- _ACTION ITEM_
After locating the line with "The designer left" in the data that follows, return it and every later line exactly, up to and including the line with "Observe the ordinary".

- _DATA FOR THIS EXERCISE_

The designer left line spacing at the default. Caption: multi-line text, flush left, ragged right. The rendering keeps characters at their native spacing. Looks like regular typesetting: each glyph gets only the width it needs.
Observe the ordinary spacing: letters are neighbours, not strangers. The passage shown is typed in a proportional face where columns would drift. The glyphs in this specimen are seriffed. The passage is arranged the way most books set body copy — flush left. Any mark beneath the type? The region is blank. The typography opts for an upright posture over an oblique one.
--
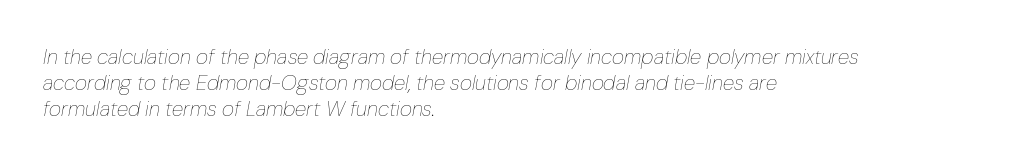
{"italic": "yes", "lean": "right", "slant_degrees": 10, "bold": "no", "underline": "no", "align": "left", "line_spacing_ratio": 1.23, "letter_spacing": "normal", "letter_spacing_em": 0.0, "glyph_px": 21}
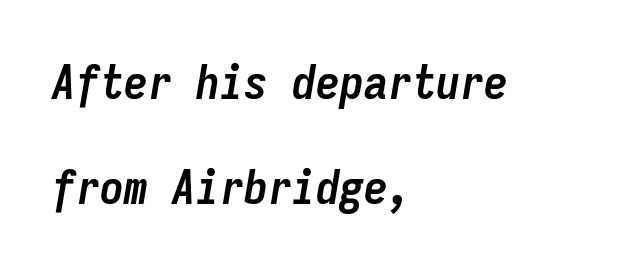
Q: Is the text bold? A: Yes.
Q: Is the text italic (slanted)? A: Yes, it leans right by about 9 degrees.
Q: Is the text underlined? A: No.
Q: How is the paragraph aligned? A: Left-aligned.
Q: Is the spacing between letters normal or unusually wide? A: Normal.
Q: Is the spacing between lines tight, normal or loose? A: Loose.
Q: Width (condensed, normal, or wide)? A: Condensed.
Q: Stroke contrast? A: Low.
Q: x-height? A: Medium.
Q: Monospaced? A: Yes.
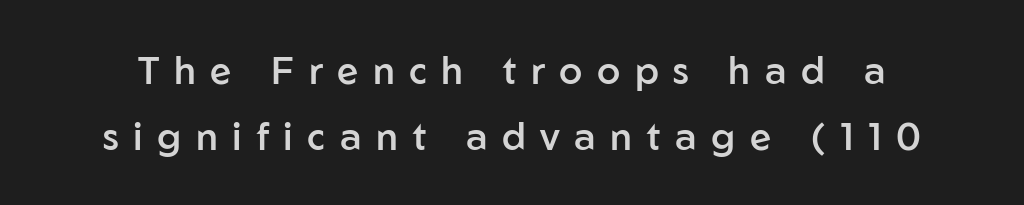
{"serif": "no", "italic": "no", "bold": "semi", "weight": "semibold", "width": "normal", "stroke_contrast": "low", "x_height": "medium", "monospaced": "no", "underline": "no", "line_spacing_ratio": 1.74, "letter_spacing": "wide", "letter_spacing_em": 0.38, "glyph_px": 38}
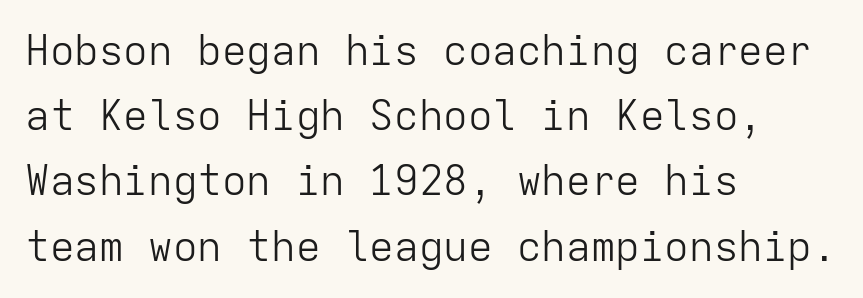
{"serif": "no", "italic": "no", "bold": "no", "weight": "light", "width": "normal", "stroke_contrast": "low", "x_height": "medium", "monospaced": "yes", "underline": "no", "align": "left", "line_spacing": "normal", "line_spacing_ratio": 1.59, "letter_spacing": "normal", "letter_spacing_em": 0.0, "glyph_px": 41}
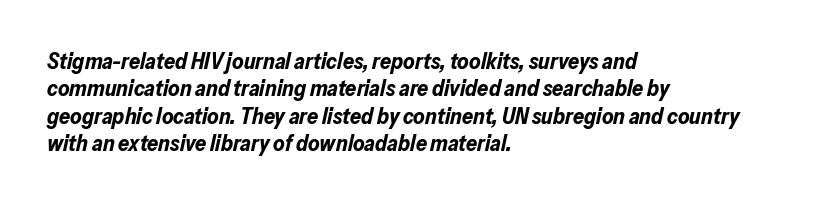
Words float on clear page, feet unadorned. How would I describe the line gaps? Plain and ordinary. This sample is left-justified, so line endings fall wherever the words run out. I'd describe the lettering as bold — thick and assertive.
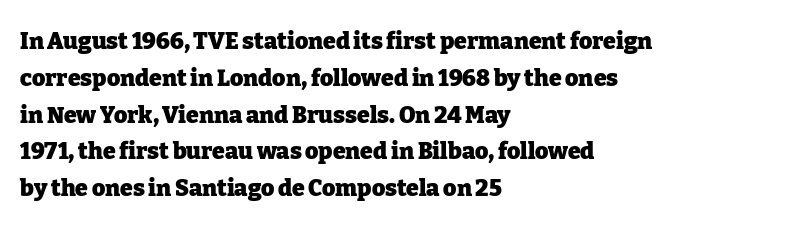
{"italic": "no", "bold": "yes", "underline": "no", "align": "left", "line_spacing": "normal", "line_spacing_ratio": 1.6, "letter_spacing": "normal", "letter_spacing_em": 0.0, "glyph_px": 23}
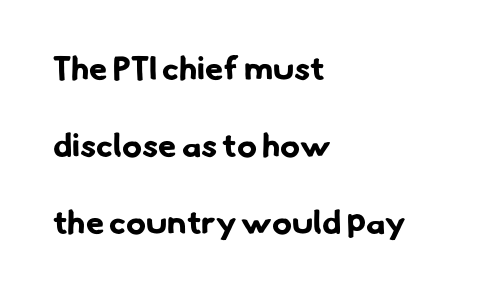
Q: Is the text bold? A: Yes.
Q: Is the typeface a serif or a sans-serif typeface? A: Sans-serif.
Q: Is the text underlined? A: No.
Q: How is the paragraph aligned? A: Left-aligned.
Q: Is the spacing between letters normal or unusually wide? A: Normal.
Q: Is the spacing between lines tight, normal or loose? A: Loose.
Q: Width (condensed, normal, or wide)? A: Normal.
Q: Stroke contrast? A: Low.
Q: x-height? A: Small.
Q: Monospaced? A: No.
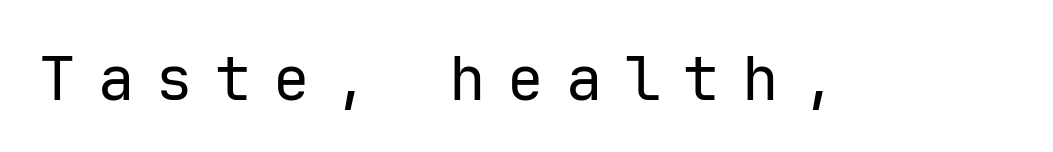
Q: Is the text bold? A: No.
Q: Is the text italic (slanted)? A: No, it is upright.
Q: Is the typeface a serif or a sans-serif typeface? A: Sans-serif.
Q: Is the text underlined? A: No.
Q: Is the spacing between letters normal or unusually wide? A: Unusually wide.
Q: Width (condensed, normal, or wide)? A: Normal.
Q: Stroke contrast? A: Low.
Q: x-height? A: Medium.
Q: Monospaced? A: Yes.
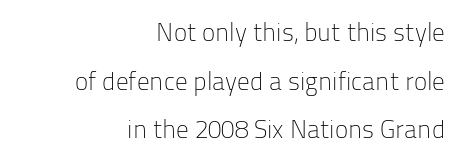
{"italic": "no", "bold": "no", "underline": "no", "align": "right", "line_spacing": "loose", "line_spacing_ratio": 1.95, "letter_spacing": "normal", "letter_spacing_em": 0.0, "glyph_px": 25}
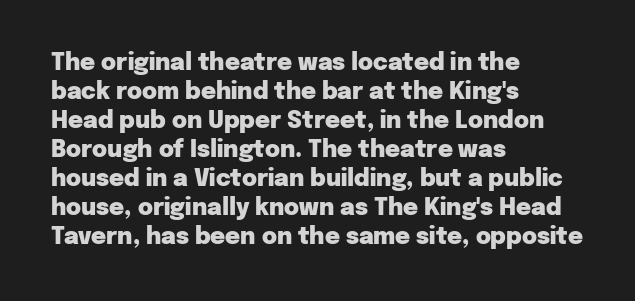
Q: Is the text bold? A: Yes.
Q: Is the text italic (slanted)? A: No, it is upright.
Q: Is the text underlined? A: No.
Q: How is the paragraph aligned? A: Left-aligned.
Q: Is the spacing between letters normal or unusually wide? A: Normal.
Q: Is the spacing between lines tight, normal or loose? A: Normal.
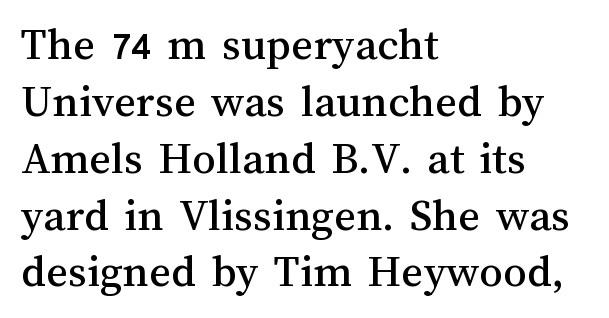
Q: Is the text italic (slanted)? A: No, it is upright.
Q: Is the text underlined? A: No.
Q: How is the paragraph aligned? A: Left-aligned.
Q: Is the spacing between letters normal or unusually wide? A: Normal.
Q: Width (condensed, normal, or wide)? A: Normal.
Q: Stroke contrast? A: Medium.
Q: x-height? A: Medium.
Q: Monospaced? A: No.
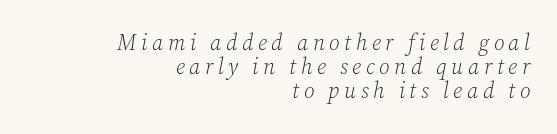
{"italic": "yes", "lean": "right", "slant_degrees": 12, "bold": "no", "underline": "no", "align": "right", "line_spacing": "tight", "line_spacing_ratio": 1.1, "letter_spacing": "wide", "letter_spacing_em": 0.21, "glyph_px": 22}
---
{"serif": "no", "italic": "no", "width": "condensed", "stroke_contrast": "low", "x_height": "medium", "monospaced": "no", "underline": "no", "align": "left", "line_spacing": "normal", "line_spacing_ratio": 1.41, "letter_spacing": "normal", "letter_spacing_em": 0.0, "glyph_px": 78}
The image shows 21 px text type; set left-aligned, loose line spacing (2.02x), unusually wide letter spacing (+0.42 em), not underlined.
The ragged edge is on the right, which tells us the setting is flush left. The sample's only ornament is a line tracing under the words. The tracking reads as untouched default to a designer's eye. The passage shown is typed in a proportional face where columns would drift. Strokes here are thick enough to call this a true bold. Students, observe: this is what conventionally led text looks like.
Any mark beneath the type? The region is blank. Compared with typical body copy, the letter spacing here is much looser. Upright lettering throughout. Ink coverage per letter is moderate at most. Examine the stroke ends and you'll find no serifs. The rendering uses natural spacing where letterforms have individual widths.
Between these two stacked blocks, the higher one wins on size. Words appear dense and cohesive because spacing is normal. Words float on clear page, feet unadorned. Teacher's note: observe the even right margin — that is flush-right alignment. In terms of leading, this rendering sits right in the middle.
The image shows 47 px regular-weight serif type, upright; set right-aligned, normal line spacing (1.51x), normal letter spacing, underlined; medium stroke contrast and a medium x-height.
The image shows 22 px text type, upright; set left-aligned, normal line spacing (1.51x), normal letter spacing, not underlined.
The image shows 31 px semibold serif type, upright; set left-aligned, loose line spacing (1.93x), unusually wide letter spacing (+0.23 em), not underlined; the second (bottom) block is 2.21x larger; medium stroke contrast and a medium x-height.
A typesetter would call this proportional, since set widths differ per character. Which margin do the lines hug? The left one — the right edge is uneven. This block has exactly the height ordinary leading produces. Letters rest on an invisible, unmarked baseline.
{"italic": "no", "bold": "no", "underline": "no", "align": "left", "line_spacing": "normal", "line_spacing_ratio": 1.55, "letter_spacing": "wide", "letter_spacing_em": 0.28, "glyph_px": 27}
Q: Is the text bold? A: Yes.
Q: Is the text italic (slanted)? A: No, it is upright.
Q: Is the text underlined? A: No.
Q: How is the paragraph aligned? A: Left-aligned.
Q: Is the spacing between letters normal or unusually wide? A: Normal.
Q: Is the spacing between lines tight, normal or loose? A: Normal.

- _TASK RESULT_
The designer left line spacing at the default. Caption: multi-line text, flush left, ragged right. The rendering keeps characters at their native spacing. Looks like regular typesetting: each glyph gets only the width it needs.
Observe the ordinary spacing: letters are neighbours, not strangers. The passage shown is typed in a proportional face where columns would drift. The glyphs in this specimen are seriffed. The passage is arranged the way most books set body copy — flush left. Any mark beneath the type? The region is blank. The typography opts for an upright posture over an oblique one.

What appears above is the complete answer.